As the very first commenter points out, a problem with this is that a substantial proportion of software developers (as indicated by their position on the Asperger/Autism spectrum) find it very difficult to detect sarcasm in real life…

May 23, 2014

QotD: Futurologists

Futurologists are almost always wrong. Indeed, Clive James invented a word – “Hermie” – to denote an inaccurate prediction by a futurologist. This was an ironic tribute to the cold war strategist and, in later life, pop futurologist Herman Kahn. It was slightly unfair, because Kahn made so many fairly obvious predictions – mobile phones and the like – that it was inevitable quite a few would be right.

Even poppier was Alvin Toffler, with his 1970 book Future Shock, which suggested that the pace of technological change would cause psychological breakdown and social paralysis, not an obvious feature of the Facebook generation. Most inaccurate of all was Paul R Ehrlich who, in The Population Bomb, predicted that hundreds of millions would die of starvation in the 1970s. Hunger, in fact, has since declined quite rapidly.

Perhaps the most significant inaccuracy concerned artificial intelligence (AI). In 1956 the polymath Herbert Simon predicted that “machines will be capable, within 20 years, of doing any work a man can do” and in 1967 the cognitive scientist Marvin Minsky announced that “within a generation … the problem of creating ‘artificial intelligence’ will substantially be solved”. Yet, in spite of all the hype and the dizzying increases in the power and speed of computers, we are nowhere near creating a thinking machine.

Bryan Appleyard, “Why futurologists are always wrong – and why we should be sceptical of techno-utopians: From predicting AI within 20 years to mass-starvation in the 1970s, those who foretell the future often come close to doomsday preachers”, New Statesman, 2014-04-10.

August 10, 2012

For you, is no Singularity

Filed under: Science, Technology — Tags: , , , , — Nicholas @ 11:25

Charles Stross linked to this article which points out that we’re not likely to experience the Singularity/Rapture of the Nerds/etc., and for good reasons:

Given that you are tech-savvy, by that point you have almost certainly come across the idea of the Singularity [1] as defended by futurists like Ray Kurzweil and Vernor Vinge. As a reminder, it is the notion that, when we are at last able to compile a smarter-than-human artificial intelligence, this AI will in turn manage to improve its own design, and so on, resulting in an out-of control loop of “intelligence explosion” [2] with unpredictable technological consequences. (singularists go on to predict that after this happens we will merge with machines, live forever, upload our minds into computers, etc).
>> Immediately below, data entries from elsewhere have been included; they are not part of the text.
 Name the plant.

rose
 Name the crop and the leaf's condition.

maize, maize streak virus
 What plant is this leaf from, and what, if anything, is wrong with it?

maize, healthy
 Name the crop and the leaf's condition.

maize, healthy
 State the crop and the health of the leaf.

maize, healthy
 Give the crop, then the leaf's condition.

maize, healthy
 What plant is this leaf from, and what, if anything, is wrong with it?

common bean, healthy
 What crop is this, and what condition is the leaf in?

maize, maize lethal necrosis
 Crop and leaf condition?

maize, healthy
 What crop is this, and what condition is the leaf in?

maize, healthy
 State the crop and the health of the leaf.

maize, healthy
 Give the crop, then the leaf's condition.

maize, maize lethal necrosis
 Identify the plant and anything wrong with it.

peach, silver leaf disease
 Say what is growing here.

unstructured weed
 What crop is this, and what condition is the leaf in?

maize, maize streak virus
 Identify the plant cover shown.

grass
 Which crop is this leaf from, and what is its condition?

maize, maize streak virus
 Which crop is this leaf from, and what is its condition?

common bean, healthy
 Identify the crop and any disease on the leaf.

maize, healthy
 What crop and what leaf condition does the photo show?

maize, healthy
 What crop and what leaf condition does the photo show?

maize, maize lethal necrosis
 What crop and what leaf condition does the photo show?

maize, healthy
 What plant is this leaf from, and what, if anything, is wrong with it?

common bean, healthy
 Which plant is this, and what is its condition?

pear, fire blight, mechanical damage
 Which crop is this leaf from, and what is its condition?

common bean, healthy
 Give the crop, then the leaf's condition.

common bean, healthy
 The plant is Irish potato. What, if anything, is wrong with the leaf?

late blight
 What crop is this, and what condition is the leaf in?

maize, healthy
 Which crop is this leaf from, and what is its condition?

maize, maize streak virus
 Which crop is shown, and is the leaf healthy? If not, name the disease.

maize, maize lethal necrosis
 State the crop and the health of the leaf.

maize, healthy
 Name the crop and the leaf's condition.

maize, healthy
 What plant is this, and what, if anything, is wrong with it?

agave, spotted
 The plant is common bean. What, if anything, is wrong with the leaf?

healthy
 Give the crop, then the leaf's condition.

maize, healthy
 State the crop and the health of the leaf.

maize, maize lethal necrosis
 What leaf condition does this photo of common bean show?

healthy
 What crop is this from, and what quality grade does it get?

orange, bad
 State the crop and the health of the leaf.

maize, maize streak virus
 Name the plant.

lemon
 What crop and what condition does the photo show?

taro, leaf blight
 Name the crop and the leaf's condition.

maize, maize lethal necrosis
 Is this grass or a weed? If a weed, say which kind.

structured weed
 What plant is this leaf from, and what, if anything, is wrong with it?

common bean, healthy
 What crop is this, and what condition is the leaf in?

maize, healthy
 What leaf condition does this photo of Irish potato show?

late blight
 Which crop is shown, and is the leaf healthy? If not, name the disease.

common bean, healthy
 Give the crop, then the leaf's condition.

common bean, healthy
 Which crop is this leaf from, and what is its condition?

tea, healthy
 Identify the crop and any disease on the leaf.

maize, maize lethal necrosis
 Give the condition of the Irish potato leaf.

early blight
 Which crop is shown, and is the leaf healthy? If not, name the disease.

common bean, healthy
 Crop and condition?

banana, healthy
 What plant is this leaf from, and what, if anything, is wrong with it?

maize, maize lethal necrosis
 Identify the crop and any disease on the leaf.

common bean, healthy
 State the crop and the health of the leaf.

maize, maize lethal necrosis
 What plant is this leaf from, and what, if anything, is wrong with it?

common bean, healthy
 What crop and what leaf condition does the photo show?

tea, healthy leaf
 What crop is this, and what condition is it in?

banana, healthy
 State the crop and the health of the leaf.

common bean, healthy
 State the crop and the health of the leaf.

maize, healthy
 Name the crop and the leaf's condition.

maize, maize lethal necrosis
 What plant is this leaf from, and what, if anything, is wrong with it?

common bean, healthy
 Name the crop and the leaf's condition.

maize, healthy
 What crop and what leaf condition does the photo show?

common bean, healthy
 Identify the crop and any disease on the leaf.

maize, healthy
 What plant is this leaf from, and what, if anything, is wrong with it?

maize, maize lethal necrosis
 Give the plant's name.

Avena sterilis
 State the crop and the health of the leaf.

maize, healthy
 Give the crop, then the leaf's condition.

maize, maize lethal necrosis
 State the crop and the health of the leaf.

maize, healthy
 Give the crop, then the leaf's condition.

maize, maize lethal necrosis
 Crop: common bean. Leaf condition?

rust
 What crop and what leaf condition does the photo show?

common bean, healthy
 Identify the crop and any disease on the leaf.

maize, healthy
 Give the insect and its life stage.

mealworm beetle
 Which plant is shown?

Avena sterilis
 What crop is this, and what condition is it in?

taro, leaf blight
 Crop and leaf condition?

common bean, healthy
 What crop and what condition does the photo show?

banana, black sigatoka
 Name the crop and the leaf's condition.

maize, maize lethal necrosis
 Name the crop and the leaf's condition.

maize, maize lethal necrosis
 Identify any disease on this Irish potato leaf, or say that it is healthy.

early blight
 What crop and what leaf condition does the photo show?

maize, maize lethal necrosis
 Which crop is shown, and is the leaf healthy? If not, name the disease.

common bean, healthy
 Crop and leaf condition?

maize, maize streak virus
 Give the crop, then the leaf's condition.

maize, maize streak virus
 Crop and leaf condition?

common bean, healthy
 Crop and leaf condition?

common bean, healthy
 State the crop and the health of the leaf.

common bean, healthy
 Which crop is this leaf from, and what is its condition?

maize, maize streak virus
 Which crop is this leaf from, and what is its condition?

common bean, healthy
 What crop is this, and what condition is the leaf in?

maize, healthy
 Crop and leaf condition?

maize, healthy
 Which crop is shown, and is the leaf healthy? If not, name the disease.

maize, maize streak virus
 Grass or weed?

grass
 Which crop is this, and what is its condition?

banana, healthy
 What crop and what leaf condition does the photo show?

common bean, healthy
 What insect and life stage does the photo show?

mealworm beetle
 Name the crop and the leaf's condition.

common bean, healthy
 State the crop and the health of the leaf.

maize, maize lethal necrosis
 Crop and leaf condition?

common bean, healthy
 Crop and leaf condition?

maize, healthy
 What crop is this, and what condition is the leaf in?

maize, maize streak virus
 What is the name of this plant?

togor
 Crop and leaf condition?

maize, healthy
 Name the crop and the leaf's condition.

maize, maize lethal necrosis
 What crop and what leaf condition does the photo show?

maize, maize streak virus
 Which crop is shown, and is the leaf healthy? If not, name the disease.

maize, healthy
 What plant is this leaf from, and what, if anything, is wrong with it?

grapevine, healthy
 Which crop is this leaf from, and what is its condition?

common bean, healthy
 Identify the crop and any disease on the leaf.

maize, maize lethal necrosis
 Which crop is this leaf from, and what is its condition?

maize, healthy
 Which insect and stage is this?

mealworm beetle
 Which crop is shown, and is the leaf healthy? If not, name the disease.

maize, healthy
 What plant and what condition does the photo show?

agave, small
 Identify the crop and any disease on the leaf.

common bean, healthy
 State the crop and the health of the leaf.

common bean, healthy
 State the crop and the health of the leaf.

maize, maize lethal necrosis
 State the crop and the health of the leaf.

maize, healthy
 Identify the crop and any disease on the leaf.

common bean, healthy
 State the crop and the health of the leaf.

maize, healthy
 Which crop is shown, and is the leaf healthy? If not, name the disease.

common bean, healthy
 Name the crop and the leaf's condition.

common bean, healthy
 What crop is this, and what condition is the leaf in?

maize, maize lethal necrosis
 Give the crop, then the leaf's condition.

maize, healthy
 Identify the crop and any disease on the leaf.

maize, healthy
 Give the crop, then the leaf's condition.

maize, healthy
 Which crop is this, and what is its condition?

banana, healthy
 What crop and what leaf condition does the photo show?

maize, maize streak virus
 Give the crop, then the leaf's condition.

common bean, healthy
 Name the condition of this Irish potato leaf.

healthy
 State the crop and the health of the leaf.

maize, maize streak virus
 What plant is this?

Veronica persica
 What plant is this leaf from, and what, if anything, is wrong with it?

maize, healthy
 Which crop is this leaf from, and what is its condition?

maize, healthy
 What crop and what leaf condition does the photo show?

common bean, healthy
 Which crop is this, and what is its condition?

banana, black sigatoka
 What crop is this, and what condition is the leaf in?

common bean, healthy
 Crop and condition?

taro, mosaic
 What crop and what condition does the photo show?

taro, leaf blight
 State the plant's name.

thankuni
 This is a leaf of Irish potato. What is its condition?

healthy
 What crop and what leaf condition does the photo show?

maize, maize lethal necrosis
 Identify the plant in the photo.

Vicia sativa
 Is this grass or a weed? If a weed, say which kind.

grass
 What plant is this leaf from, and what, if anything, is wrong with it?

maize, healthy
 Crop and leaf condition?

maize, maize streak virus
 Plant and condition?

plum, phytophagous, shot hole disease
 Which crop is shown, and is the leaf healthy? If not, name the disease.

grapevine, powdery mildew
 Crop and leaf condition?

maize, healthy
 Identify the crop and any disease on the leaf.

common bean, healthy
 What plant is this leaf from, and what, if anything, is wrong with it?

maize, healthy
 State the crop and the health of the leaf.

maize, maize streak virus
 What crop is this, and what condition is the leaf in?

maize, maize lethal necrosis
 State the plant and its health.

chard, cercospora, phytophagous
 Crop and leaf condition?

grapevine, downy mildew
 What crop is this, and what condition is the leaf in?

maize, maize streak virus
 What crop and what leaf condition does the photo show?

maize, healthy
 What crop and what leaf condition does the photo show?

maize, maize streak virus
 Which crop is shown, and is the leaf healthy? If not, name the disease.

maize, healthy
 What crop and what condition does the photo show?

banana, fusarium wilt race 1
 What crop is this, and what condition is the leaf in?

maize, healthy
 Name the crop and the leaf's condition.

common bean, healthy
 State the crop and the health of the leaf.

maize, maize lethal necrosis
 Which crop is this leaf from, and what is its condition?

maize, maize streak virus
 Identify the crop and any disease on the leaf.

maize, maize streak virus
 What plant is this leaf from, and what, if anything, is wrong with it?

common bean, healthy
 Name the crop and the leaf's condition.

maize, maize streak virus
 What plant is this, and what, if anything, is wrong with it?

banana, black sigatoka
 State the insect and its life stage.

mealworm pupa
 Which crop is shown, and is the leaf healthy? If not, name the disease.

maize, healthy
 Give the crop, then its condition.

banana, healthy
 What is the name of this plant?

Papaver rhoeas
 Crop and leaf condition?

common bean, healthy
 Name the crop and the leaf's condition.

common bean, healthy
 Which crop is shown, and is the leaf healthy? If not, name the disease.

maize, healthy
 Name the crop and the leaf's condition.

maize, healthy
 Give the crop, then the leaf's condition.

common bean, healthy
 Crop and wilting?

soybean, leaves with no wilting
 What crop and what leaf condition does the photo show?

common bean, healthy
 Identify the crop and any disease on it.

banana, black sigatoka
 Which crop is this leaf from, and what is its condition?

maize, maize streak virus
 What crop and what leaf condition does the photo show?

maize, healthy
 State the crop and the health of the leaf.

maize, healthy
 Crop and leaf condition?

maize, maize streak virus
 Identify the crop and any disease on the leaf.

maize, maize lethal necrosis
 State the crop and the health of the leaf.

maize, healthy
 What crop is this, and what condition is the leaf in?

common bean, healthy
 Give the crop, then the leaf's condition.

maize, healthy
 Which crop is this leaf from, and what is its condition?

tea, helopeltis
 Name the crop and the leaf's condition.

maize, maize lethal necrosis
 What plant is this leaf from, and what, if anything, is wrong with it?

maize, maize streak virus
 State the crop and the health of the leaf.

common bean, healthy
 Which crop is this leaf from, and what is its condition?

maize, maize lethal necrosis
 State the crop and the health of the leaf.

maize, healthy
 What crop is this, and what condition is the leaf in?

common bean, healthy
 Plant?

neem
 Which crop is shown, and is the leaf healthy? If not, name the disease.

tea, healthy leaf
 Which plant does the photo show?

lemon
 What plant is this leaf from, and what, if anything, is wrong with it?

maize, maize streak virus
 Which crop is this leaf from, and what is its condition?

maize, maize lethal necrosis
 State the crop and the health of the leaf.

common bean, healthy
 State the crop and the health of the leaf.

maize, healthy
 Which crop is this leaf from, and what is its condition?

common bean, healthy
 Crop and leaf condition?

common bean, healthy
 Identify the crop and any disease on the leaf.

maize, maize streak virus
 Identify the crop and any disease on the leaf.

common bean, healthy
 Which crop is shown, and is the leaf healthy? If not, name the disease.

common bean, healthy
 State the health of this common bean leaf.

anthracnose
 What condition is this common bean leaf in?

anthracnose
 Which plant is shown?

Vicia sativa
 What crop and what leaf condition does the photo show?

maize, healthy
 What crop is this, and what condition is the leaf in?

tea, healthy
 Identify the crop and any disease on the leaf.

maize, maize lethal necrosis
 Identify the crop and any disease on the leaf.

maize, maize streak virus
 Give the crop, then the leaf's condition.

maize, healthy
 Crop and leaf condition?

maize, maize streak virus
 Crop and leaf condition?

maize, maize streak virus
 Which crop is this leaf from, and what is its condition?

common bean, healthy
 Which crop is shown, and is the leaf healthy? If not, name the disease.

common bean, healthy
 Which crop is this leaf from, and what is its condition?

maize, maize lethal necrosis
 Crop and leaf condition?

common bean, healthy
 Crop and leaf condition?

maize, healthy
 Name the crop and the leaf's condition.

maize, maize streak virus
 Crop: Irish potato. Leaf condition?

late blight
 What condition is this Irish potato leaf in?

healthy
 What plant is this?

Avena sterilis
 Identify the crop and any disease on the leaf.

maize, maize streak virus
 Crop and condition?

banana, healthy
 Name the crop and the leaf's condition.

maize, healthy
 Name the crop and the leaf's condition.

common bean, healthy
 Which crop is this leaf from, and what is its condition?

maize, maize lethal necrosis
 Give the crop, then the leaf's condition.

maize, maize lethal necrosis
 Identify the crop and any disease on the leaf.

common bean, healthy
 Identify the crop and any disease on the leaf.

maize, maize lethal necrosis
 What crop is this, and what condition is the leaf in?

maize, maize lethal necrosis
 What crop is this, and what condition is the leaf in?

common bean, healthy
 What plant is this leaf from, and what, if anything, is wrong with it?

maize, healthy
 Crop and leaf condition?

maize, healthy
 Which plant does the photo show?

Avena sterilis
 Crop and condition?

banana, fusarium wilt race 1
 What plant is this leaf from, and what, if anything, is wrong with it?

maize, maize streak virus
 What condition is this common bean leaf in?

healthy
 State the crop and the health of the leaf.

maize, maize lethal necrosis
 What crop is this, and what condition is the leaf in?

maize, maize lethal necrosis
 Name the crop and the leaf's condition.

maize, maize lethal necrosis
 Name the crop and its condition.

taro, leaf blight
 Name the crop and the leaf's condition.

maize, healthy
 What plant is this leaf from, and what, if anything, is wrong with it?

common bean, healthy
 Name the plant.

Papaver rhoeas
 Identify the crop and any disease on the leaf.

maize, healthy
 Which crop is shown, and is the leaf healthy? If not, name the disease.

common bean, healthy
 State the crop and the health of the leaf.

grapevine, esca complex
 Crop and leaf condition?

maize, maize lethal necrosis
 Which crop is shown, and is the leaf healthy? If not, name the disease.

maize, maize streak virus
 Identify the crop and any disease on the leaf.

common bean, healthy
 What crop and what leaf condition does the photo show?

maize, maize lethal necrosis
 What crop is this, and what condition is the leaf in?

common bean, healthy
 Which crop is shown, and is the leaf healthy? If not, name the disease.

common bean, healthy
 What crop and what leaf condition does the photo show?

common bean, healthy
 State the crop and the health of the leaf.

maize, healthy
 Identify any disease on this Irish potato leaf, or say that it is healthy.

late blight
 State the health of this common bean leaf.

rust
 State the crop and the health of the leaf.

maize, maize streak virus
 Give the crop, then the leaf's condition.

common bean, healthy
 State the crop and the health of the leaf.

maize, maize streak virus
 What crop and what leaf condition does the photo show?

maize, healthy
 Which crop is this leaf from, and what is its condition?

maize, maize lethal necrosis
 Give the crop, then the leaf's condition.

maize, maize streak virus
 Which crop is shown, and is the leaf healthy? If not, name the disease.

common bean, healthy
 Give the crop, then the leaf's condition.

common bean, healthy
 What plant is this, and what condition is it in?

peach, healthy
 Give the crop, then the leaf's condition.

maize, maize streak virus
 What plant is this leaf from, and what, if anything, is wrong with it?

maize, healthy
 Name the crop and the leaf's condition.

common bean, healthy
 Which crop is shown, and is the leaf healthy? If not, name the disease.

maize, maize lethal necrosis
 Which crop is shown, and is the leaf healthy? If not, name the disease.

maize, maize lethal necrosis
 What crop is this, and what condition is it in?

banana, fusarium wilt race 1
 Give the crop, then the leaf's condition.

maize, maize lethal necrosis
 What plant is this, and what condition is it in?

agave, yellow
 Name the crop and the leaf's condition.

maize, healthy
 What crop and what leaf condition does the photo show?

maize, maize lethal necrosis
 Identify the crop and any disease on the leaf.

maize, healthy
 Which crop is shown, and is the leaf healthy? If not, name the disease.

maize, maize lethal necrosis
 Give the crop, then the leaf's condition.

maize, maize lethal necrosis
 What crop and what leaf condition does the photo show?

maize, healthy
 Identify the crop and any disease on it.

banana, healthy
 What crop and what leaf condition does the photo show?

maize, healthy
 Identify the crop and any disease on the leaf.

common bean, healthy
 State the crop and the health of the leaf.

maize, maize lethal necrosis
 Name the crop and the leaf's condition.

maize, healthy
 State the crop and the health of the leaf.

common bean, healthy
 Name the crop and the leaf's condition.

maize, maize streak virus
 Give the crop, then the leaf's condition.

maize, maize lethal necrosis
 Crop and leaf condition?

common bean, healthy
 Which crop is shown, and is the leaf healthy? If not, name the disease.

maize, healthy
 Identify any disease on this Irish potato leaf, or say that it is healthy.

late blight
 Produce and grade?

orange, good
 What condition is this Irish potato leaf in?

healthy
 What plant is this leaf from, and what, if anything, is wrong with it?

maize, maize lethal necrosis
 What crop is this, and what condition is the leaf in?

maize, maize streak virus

What’s more, this seemingly far-future revolution would happen within just a few decades (2040 is often mentioned), due to the “exponential” rate of progress of science. That this deadline would arrive just in time to save the proponents of the Singularity from old age is just a weird coincidence that ought to be ignored.

Objection, your honor. As a scientist, I find the claim that scientific progress is exponential to be extremely dubious. If I look at my own field, or at any field that I am vaguely familiar with, I observe roughly linear progress — a rate that has typically been going on since as far back as the field’s foundation. “Exponential progress” claims are usually supported by the most bogus metrics, such as the number of US patents filled per year [3] (essentially a fashion utterly decorrelated from scientific progress).

And as somebody who does AI research, I find the notion of “intelligence explosion” to make exactly zero sense, for reasons reaching back to the very definition of intelligence. But I am not going to argue about that right now, as isn’t even necessary to invalidate the notion of the Singularity.